Vivo afuera y opino, por Carmen McEvoy
Vivo afuera y opino, por Carmen McEvoy
Carmen McEvoy

Hace una semana leí un artículo en el que se le increpaba a Pedro Pablo Kuczynski haberse ido del Perú en pleno conflicto armado y recordé mi propia historia. El 9 de agosto de 1989 viajé a Estados Unidos con mis dos hijos y tres maletas llenas de fotos y libros. 

“Los conquistadores de San Diego”, como nos bautizó mi papá –quien lloraba desconsolado al vernos partir–, llegamos esa misma noche a California. Ahí, con la ayuda de una beca, completé seis años de estudios doctorales y me convertí en una historiadora profesional.

Solo quien vivió la experiencia de la llamada telefónica comunicándote que tu padre falleció sin darte el abrazo final comprende el dolor del desarraigo. Este se expresa en una melancolía aquietada solo por el recuerdo. 

En mi caso, siempre acudo a una página arrancada de un “Caretas” que traje conmigo y guardo enmarcada sobre mi escritorio. La leyenda de la fotografía, que retrata a una familia andahuaylina que emigró a Lima el mismo año en que yo la dejaba, dice: “Santiago Soto Inca, carpintero arrojado de Andahuaylas por la violencia que otros iniciaron, es un héroe anónimo. Un héroe como hay cientos de miles en el año de la quiebra”.

En el Perú existen bellísimas historias de viajes contados por una diáspora entrañable. El cusqueño Garcilaso de la Vega, quien inventó en Montilla, España, una historia capaz de aplacar su nostalgia por el terruño andino. El arequipeño Juan Pablo Vizcardo y Guzmán, quien escribió el libreto de la independencia hispanoamericana desde el exilio italiano. 

La cajamarquina Yma Súmac, que trinó cual ave selvática antes de tomar por asalto un Hollywood inexpugnable. Y cómo olvidar a nuestro genial César Vallejo, quien universalizó la poesía peruana, mientras armaba la maleta para regresar a su Santiago de Chuco natal. Todos ellos sufrieron el desarraigo e imaginaron desde esa experiencia a su añorado país.

Existen, sin embargo, otros viajes que han sido nefastos para la república peruana. Pienso en el del presidente Mariano Ignacio Prado a inicios de la guerra con Chile o, más recientemente, el del general Víctor Malca con una bolsa millonaria extraída del erario nacional. 

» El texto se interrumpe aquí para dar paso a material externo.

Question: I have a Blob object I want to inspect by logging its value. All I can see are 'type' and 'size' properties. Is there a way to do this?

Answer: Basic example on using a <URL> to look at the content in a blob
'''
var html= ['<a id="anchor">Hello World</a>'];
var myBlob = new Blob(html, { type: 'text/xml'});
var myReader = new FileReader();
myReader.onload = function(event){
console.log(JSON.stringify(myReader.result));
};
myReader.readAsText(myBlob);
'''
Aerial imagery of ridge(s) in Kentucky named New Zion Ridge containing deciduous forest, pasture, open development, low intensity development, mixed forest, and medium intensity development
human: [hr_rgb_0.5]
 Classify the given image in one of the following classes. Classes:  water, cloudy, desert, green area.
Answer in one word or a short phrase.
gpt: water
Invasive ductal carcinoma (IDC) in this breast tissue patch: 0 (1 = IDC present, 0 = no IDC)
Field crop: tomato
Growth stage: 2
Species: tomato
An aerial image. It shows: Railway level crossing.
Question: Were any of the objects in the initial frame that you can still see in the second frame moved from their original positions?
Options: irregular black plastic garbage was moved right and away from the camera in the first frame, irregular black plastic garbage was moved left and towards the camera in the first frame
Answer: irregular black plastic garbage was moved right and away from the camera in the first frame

El paradero de este militar, ministro fujimorista, es desconocido. Como también lo es el de Víctor Aritomi y Rosa Fujimori. Esta pareja se esfumó. No dejó un libro o un poema, sino un reguero de cuentas sin saldar. ¿Llevaban al Perú en el corazón los embajadores que vivieron en el País del Sol Naciente con el dinero de nuestros impuestos? Parece que no. 

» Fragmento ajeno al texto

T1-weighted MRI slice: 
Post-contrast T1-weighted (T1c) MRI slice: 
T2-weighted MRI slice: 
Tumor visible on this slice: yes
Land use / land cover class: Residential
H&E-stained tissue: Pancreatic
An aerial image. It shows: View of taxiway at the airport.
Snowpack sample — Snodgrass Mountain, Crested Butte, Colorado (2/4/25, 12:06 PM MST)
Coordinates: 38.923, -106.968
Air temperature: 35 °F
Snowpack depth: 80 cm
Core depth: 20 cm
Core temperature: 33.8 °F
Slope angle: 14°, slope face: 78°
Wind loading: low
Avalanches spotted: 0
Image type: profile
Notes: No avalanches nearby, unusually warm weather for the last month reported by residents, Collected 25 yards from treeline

A la fecha, la cancillería no ha recibido ni siquiera una tarjeta de despedida. ¿Y qué decir del viaje y “exilio” dorado del ex presidente Alberto Fujimori, quien renunció a la nacionalidad peruana para candidatear, luego, al Parlamento japonés? 

Cuando formas parte de una “tradición política” con tantos viajes a la dimensión desconocida, no es conveniente tirar piedras al avión del contendor. Porque resulta descortés, por decir lo menos, que la candidata de Fuerza Popular despotrique contra quienes no viven en el Perú y osan opinar, o contra los banqueros que –según ella– tienen turbios propósitos, además de “asuntos pendientes” en Estados Unidos. 

Debe recordar que su propio padre renunció a la presidencia por fax desde Tokio y que son sus tíos carnales quienes tienen asuntos pendientes que arreglar con el Perú. Y, mucho más grave aun, debe recordar que una buena parte del dinero que desapareció de las arcas nacionales está hoy en manos de la banca internacional, contra la cual la “candidata de los pobres” lidera una “cruzada moral”.